Чтобы впоследствии использовать паркет – собрать его по дощечкам, как полагается, – старик решил, что первоначально паркет следует пронумеровать, скрупулезно, каждую деталь, каждую планочку! У меня потемнело в глазах, когда я это услышал. Я сперва не поверил. Подумал, он что-то иное имеет в виду. Не собирается же он?.. Но нет, именно это он и собирался сделать! Он сказал, что делать это мы – мы! – будем следующим образом: постелив огромный кусок целлофана на пол, мы будем писать номера на полу и на целлофане, чтобы целлофан таким образом в дальнейшем послужил своеобразной картой по сбору паркетного пола. У меня замерло все внутри. Старик нисколько не замечал моей нерешительности. Он агрессивно мерил шажищами пол, прикидывал, примерялся, принюхивался, делал арифметические подсчеты своими бровями, топтался и прикусывал сомнение, затем потянул меня вон из замка в поисках целлофана. Мы исходили всю деревню. Старик издергал каждого, перерыл все, перевернул все горшки на чердаке Коммюнхуса, вспомнил, что где-то, на какой-то крыше, была какая-то дыра… И не на какой-то, а на крыше ангара! Самого высокого после замка строения в деревне! Гордость Хускего! Побежали к лесной дороге. Мистер Винтерскоу на бегу объяснял, что ирландец Мэтью планировал построить обсерваторию, затем и была разобрана крыша, чтобы вместить в себя Магеллановы облака с Гончими псами! Астрология – будущее – перспективы! Спасение Земли от метеоритов! Благие начинания! Переселение на Марс! Громадные кристаллы! Хрустальные плантации на Луне! Телескопы и фантастическая фотокамера! Никого, кроме пьяницы-ирландца, кометы не интересовали… Мэтью выгнали за эксперименты над животными… Кто-то решил складировать в ангаре бесценный строительный материал, который моментально загнил под дождем, возникла необходимость натянуть пластик! Старик загнал меня на прогнувшийся каркас перекошенного здания. Это был трюк, который каскадеру не приснился бы в страшном сне! Я возился часа четыре: как муха в паутине!

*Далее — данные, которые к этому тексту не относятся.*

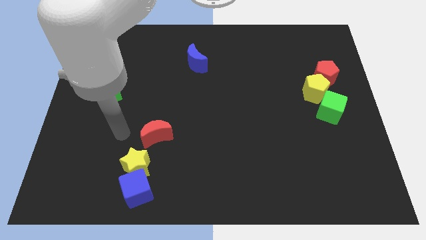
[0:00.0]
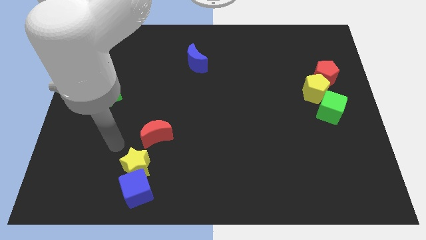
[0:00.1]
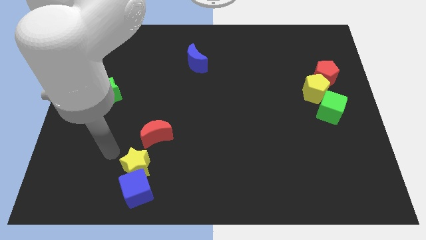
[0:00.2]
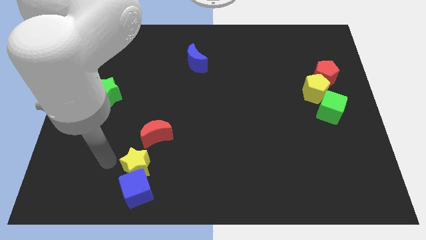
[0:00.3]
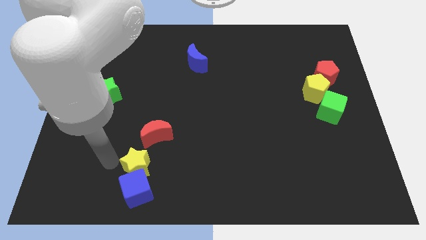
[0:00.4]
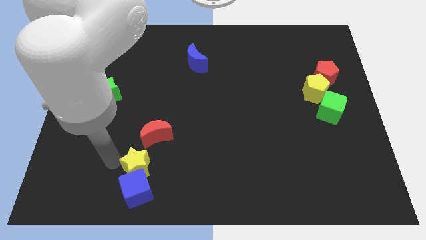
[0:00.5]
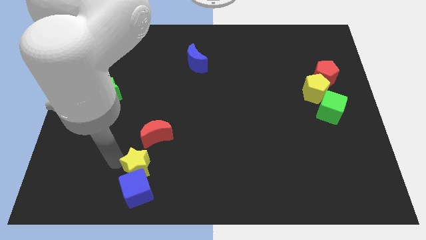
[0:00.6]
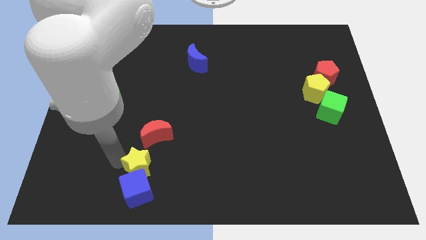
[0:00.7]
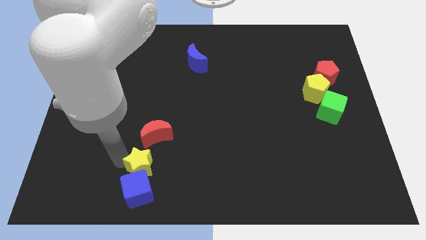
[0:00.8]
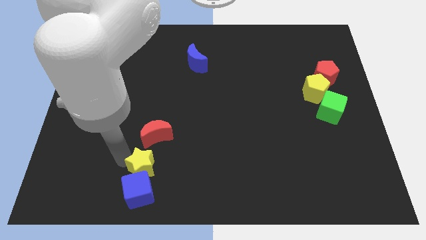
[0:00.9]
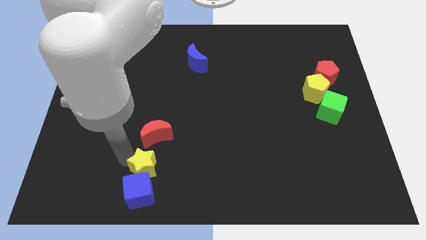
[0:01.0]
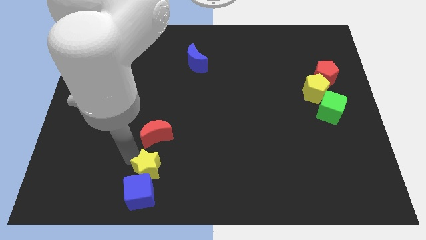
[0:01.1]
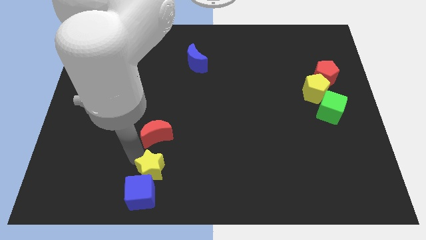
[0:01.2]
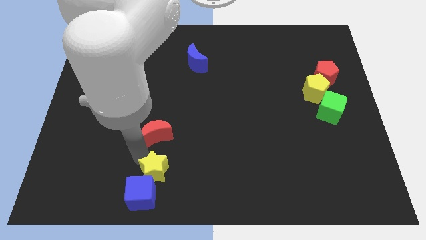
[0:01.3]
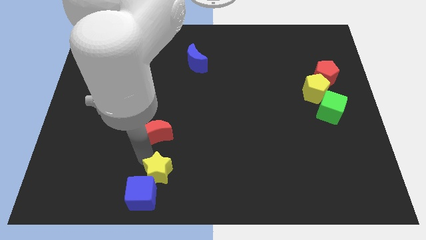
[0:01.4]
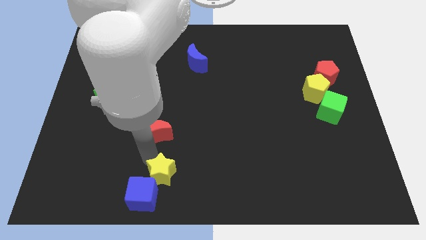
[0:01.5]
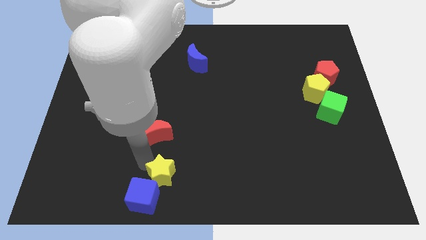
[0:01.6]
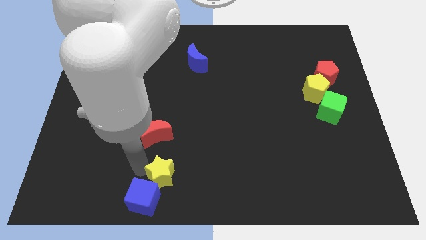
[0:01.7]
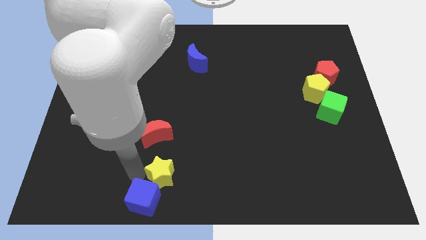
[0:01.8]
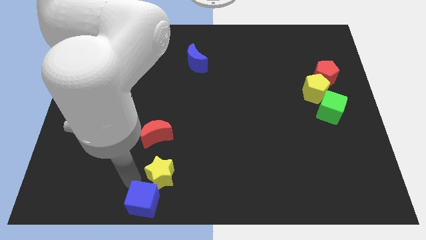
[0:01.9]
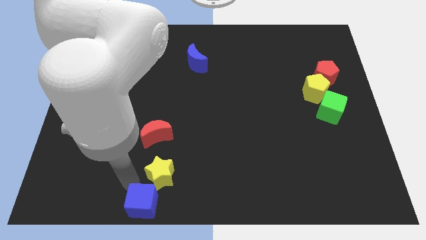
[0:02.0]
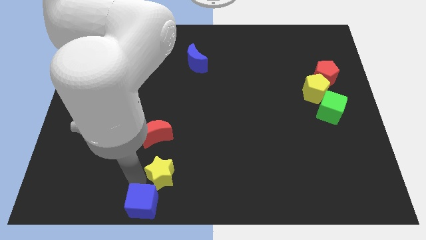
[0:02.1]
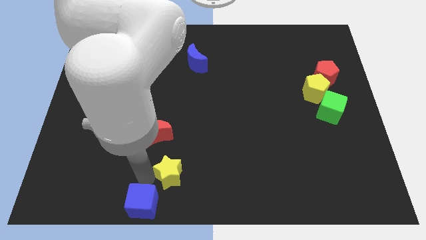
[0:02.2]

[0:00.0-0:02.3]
slightly move the yellow star right

– Это был голландец, – кричал старик снизу. – Старый моряк… Жил у нас несколько лет… Строил общежитие с Мэтью… Мэтью ломал крышу, чтобы сделать обсерваторию!.. Голландец натягивал пластик!..

Моряк постарался не на шутку. Вязал кропотливо, тросиками и матерой водонепроницаемой веревкой, так крепко и ровно – не верилось, что руками! Старик запретил использовать нож. Я – по его требованию – аккуратно отсоединял пластик от всех шестнадцати крючьев и пятидесяти гвоздей, которые мне пришлось отогнуть, чтобы высвободить тросик, веревку… Наконец-то… Мистер Винтерскоу стоял, открыв рот, с воздетыми к небу руками, а пластиковое облако нисходило на него, как манна небесная, вместе с мириадами собравшихся в нем капель.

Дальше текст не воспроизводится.